Chapter 1
Chapter One
There was blood everywhere.
Maxham stood in the middle of the room, the two bodies on either side of him. Blood had splattered on the walls and even the ceiling, but the majority of it pooled on the mold-dampened floor.
It was beautiful.
Maxham didn’t mind getting blood on himself, but in this instance, there were only a few drops on his coat sleeves. He stepped gingerly—even with his superior strength, he could still slip in the blood and sprain his ankle.

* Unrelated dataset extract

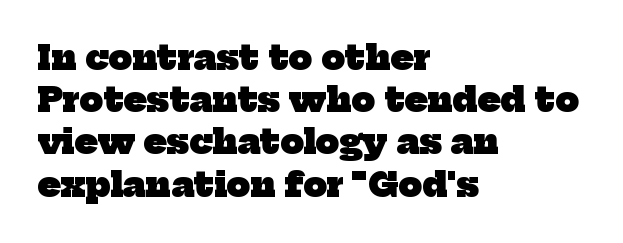
The image shows 33 px heavy serif type; set left-aligned, normal line spacing (1.28x), normal letter spacing, not underlined; low stroke contrast and a medium x-height.

When he first arrived, he had searched for more than the two guards, but he had quickly realized that the Ramparts had not assigned any others. They had likely trusted in the secrecy of the location of Jack’s prison, which was near the Thames.

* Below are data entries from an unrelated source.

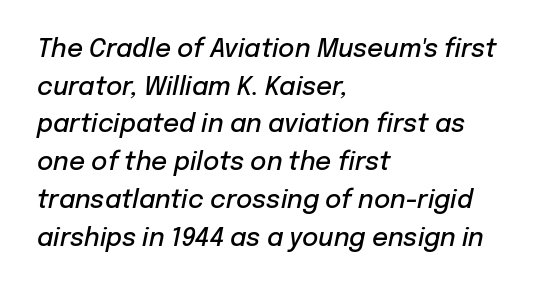
{"italic": "yes", "lean": "right", "slant_degrees": 12, "bold": "semi", "underline": "no", "align": "left", "line_spacing": "normal", "line_spacing_ratio": 1.51, "letter_spacing": "normal", "letter_spacing_em": 0.0, "glyph_px": 25}
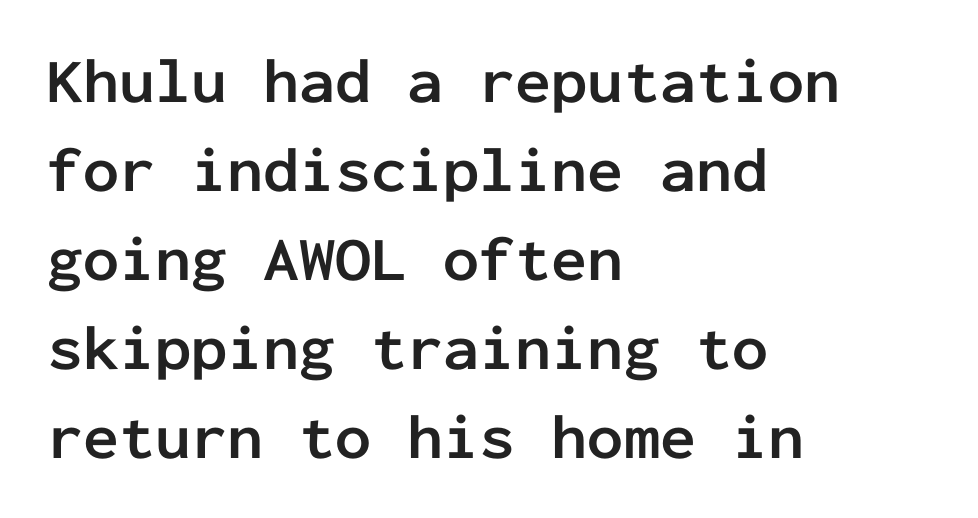
{"serif": "no", "italic": "no", "bold": "yes", "weight": "semibold", "width": "normal", "stroke_contrast": "low", "x_height": "medium", "monospaced": "yes", "underline": "no", "align": "left", "line_spacing": "normal", "line_spacing_ratio": 1.39, "letter_spacing": "normal", "letter_spacing_em": 0.0, "glyph_px": 64}
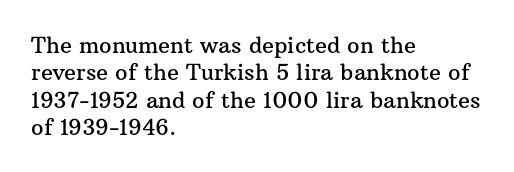
The image shows 22 px text type, upright; set left-aligned, line spacing 1.24x, normal letter spacing, not underlined.

The place had not been very secure, and Maxham had broken in quite easily.
The prison consisted of the remnants of a basement on top of which a previous building had been built, and when that burned down decades ago, a warehouse was erected over the remains.
Only a few hints of sound from the basement could filter up through the stone, which would be lost amongst the cacophony of sound in the warehouse during the day.

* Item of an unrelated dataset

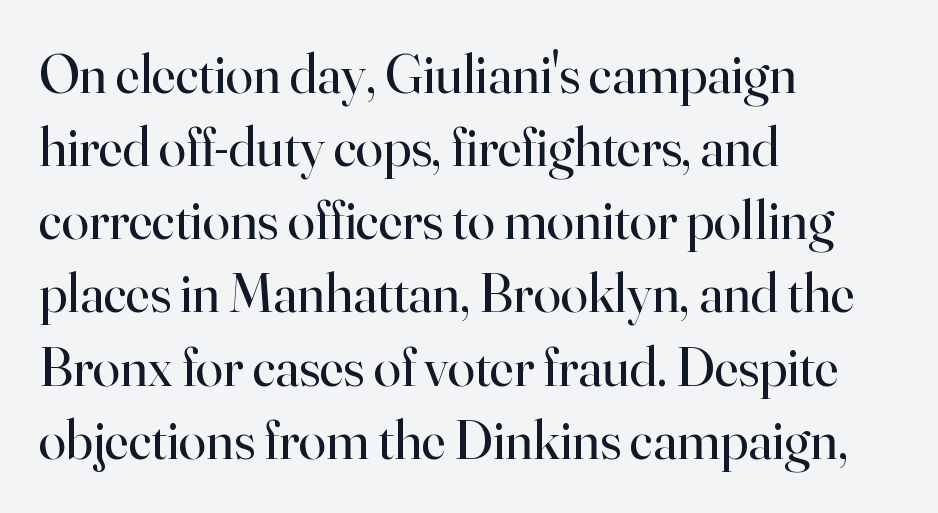
Do the characters align in a grid? No, the font is proportional. No heavy texture on the line: the type isn't bold. Designer's note — italics off, roman on. Descenders are the only things crossing below the line. Here the glyphs are tracked normally, forming tight word shapes. The ragged edge is on the right, which tells us the setting is flush left.

At night, no one lived or worked nearby to hear the occasional faint screaming from a prisoner.
All that was left of the ancient basement was a single room for the guards and another stone room for the prisoner, and the small space made the stench seem to hang thickly in the air.
Maxham plucked up the lantern on the small table and made his way to the door, obviously newer than the walls, which had a small window with bars set into it.
He peered inside but saw only a figure huddled on the floor.
Maxham knocked on the wood, like a servant on the door of his master’s bedchamber. “Jack? Are you still alive in there?”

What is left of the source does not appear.